Winter at the box-office is always predictably crowded with biopics and fact-based features, and this year is no different. To wit, we’ve got the Stephen Hawking biopic (The Theory Of Everything), the Alan Turing biopic (The Imitation Game), the Cheryl Strayed feature that pulls from her own memoir (Wild), the fact-based Foxcatcher, and now Ava DuVernay’s Martin Luther King, Jr.-centric Selma joins the fray.

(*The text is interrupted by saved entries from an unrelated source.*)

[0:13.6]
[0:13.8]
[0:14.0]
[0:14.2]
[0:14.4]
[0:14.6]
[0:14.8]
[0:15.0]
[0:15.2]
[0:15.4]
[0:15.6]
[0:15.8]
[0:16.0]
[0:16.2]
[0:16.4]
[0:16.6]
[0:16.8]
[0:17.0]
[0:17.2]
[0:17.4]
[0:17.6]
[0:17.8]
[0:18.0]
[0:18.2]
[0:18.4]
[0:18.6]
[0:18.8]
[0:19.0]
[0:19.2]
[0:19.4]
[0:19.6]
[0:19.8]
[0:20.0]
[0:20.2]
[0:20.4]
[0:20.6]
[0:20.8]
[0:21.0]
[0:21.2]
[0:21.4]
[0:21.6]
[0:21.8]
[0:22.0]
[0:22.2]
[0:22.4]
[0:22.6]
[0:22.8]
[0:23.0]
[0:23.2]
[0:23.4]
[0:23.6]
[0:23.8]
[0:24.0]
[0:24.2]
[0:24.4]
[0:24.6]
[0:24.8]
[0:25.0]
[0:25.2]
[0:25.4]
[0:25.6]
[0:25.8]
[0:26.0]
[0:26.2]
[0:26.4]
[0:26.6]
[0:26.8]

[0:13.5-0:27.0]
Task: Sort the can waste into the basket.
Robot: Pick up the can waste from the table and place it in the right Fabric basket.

DuVernay’s film sagely focuses on one slice of King’s legacy and work: The 1965 Selma-to-Montgomery marches that helped push forward the Voting Rights Act. There were actually three of these marches that played out over the course of March 1965, but the first one is perhaps the most infamous, earning the moniker “Bloody Sunday,” due to the brutality displayed by Alabama State Troopers against the peaceful marchers. That incident takes center stage in the first trailer for Selma, which plays up the drama and trauma that sprung from the day—both for the actual marchers and other sympathetic Americans who were stunned by the news that hey, maybe racism is a problem. As a microcosmic look at racism in America and the Civil Rights Movement in particular, the Selma marches are a sound example for a new big screen take.

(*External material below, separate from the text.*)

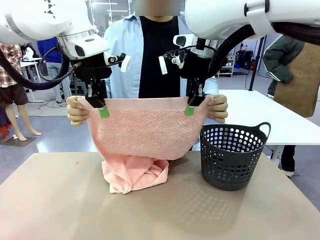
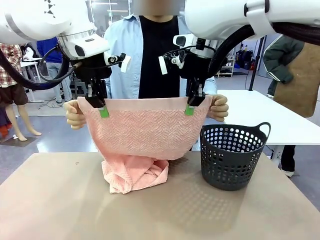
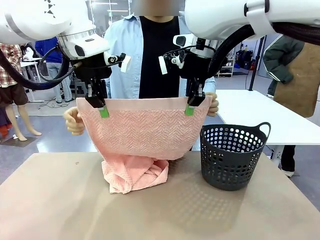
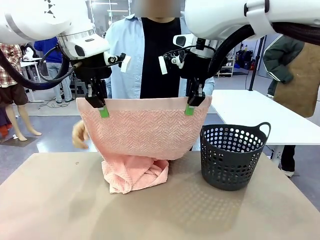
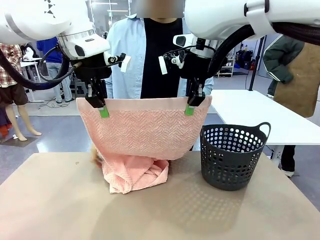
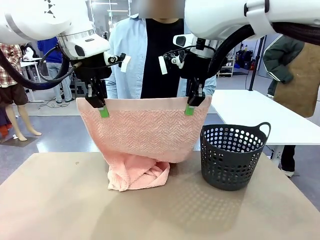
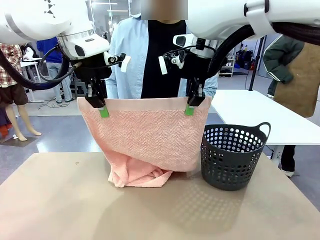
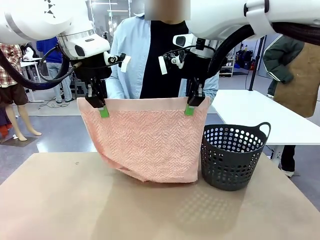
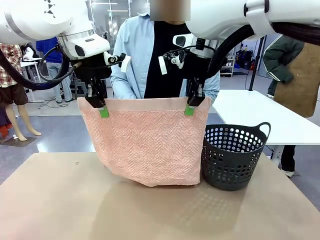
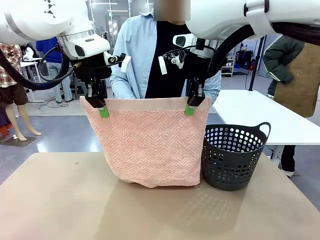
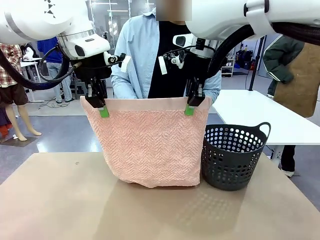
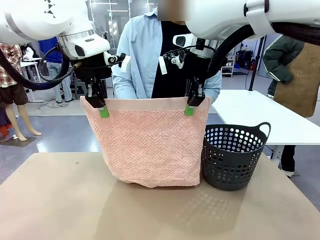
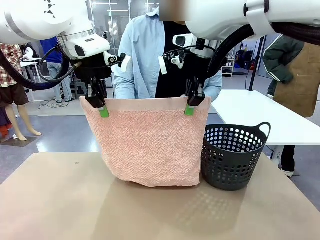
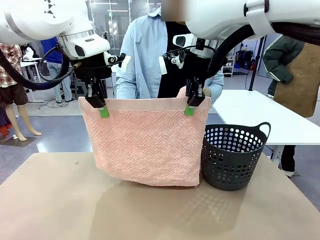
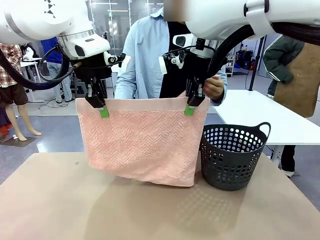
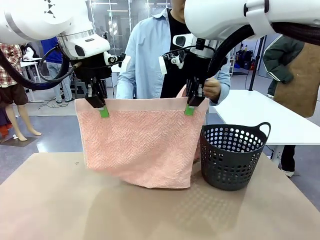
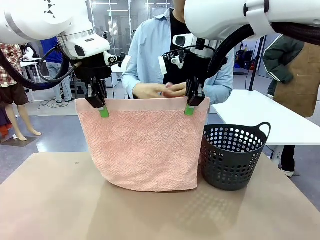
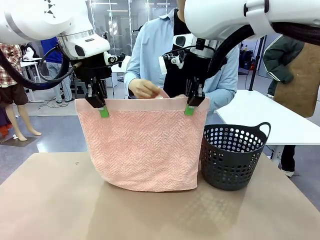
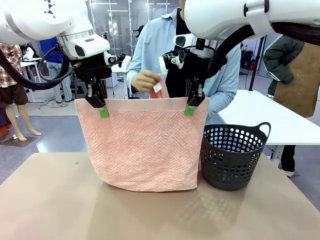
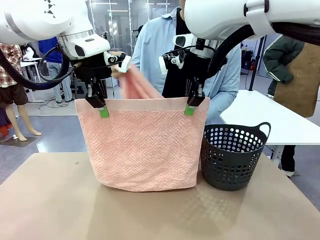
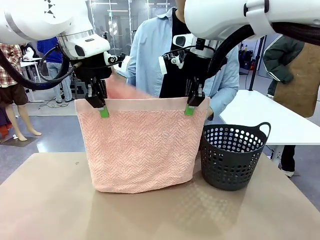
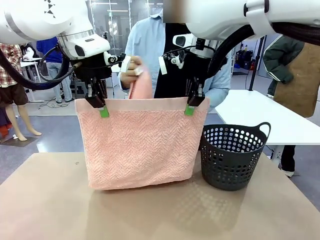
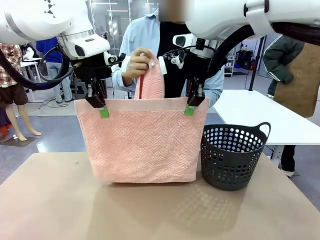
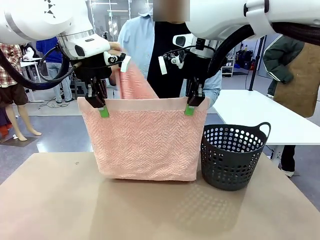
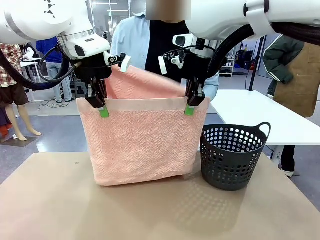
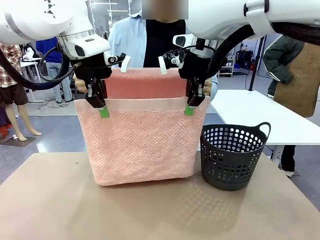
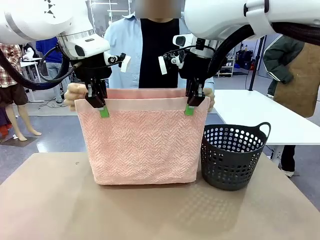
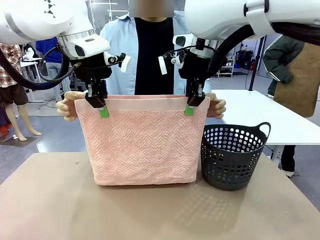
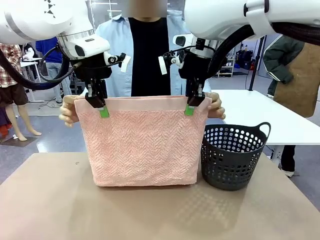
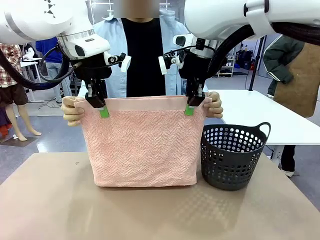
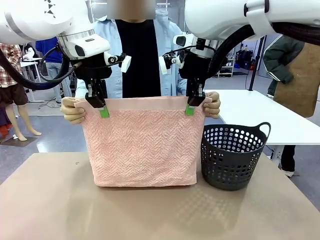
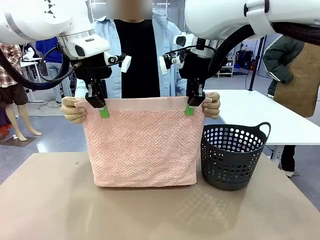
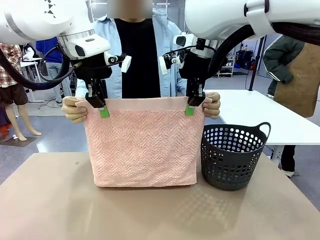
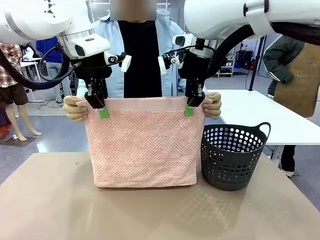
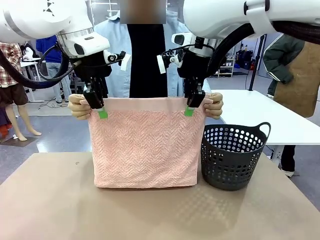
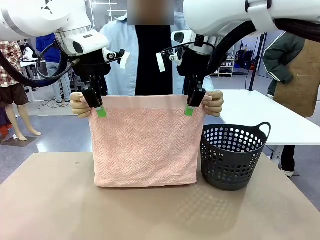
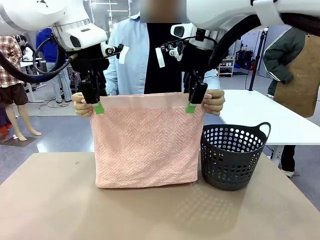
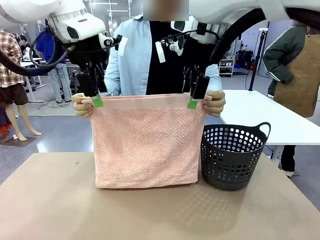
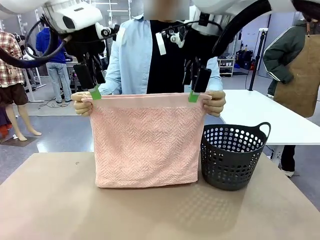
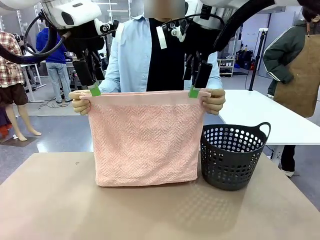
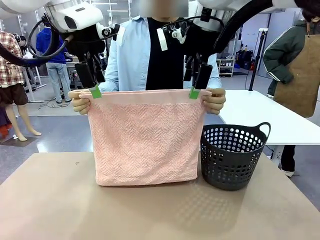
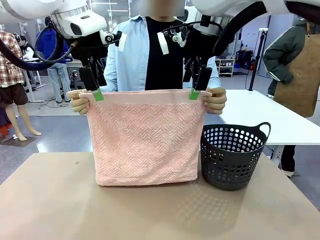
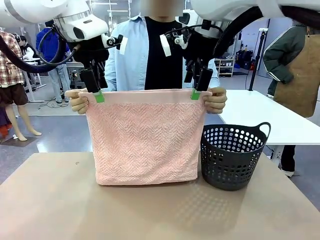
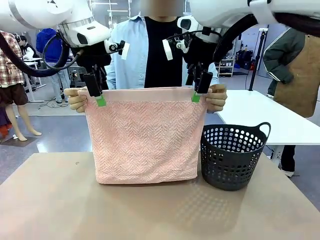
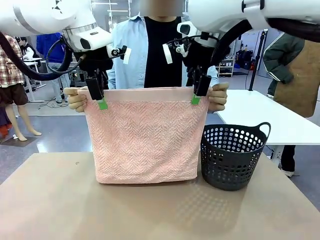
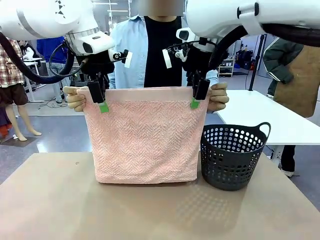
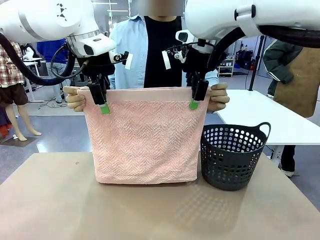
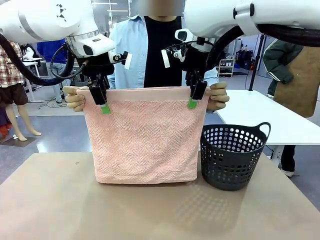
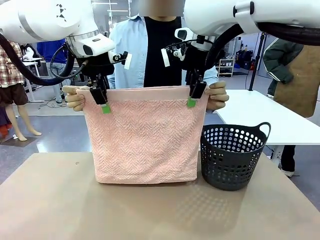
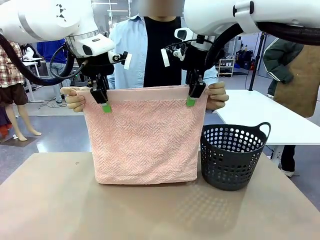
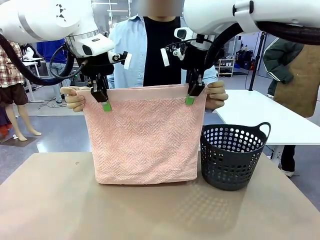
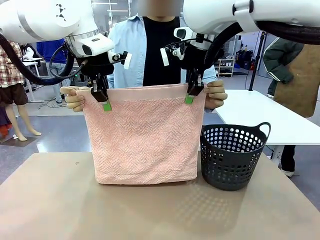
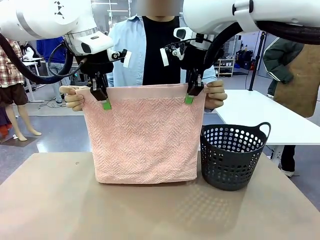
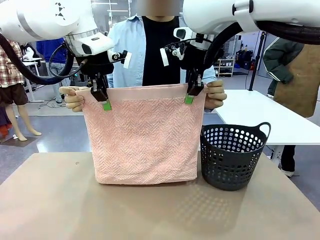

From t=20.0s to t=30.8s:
Task: Fold the towel.
Robot: Release the end of the 100 cm Hotel Towel you were holding and grab the top end of the folded side.

DuVernay has assembled a stellar cast for the film, including David Oyelowo as King, the kind of role that we might as well deem “transformative” and “career-defining” right now. Elsewhere, Tom Wilkinson scowls it up as President Lyndon B. Johnson and Dylan Baker gives us yet another big screen take on J. Edgar Hoover.
The trail of the tape
Title: Selma
Director: Ava DuVernay
Screenwriter: Paul Webb
Cast: David Oyelowo, Carmen Ejogo, Tom Wilkinson, Tim Roth, Cuba Gooding Jr.
Release date: January 9, 2015
Tagline: Make a choice, take a stand, change the world.
The entire trailer in one line of dialogue: “You march those people into rural Alabama, it’s going to be open season.”